A partir daí, “com a porteira aberta”, não restou mais ninguém na prisão – um a um, foram sendo liberados pela Justiça (?), e muitos, como o novamente presidente da República, até recuperaram seus direitos políticos.
Esse é o tema de artigo do jornalista William Waack, no “Estadão”:
“O sepultamento jurídico da Lava Jato foi consumado bem antes da operação completar agora seus 10 anos. O enterro político tem se revelado mais difícil.
No lado jurídico, a derrota da Lava Jato apresenta aspectos específicos do campo do Direito, resumidos na frase: ‘não se deve cometer crimes para combater crimes’. Mas envolve uma monumental disputa entre poderes institucionais: qual deles exerceria uma ‘tutela’ sobre sociedade e política.
Como supremo poder, o STF se sentiu acuado e atacado pela Lava Jato e o Ministério Público (e nem se trata dos rumores em torno de uma ‘Lava Toga’). Afinal, quem ‘faz história’ e protege uma sociedade hipossuficiente, a que não é capaz de se defender sozinha?
Em parte, é a esse entendimento que o STF chegou quanto ao seu papel mais geral. Por ironia, era também o entendimento dos expoentes da Lava Jato quanto ao seu papel específico frente ao sistema político. Entregue a si mesma – acreditava-se e acredita-se – a política só produziria mais danos à sociedade, daí o controle a ser exercido pelos ‘homens de preto’.
Nesse sentido, é ‘game over’, pois tem sido o STF essa espécie de ‘regulador’ da política além do que possa ser um preceito constitucional. Ocorre que a Lava Jato é um fenômeno político e social de grande amplitude, no qual a indignação pela corrupção endêmica é só o aspecto mais visível.
A força do fenômeno reside no descontentamento de vastas camadas da sociedade frente ‘ao que está aí’, entendido como um sistema a partir do poder público que é predatório do ponto de vista do empreendedor, injusto do ponto de vista do contribuinte, e perverso do ponto de vista de quem precisa de saúde e segurança (pois gasta demais e entrega de menos).
No empenho de Lula e do PT em reescrever o passado está implícita a noção de que não é possível apagar a Lava Jato da memória coletiva (como não é possível apagar a pandemia, por exemplo).
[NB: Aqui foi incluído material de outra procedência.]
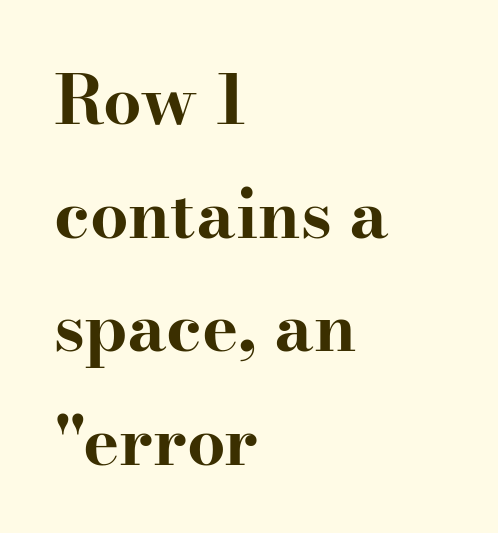
Students, this is bold: see how much ink each stroke carries. A student would call this left alignment; a typographer would say flush left, rag right. The passage shown is typeset with a serif family. Think of a printed novel: that variable character pitch is what you see here. The space between consecutive lines is moderate. Quick note: not italic, upright.

Daí o esforço de empurrar goela abaixo, com forte contribuição também do STF, a interpretação de que foi uma ocorrência maléfica, não só do ponto de vista jurídico, mas para economia e política brasileiras.
O problema é o choque brutal entre a proposta de ação política de reescrever o passado e a realidade. Para enorme parte da população, a Lava Jato (com ou sem erros) continua simbolizando um esforço para mudar ‘o que está aí’, além de combater corrupção, enquanto as instâncias jurídicas e políticas permanecem fixas no plano desse imaginário político como pilares para deixar tudo como sempre foi.
É possível enterrar um morto, mas difícil se livrar da assombração.”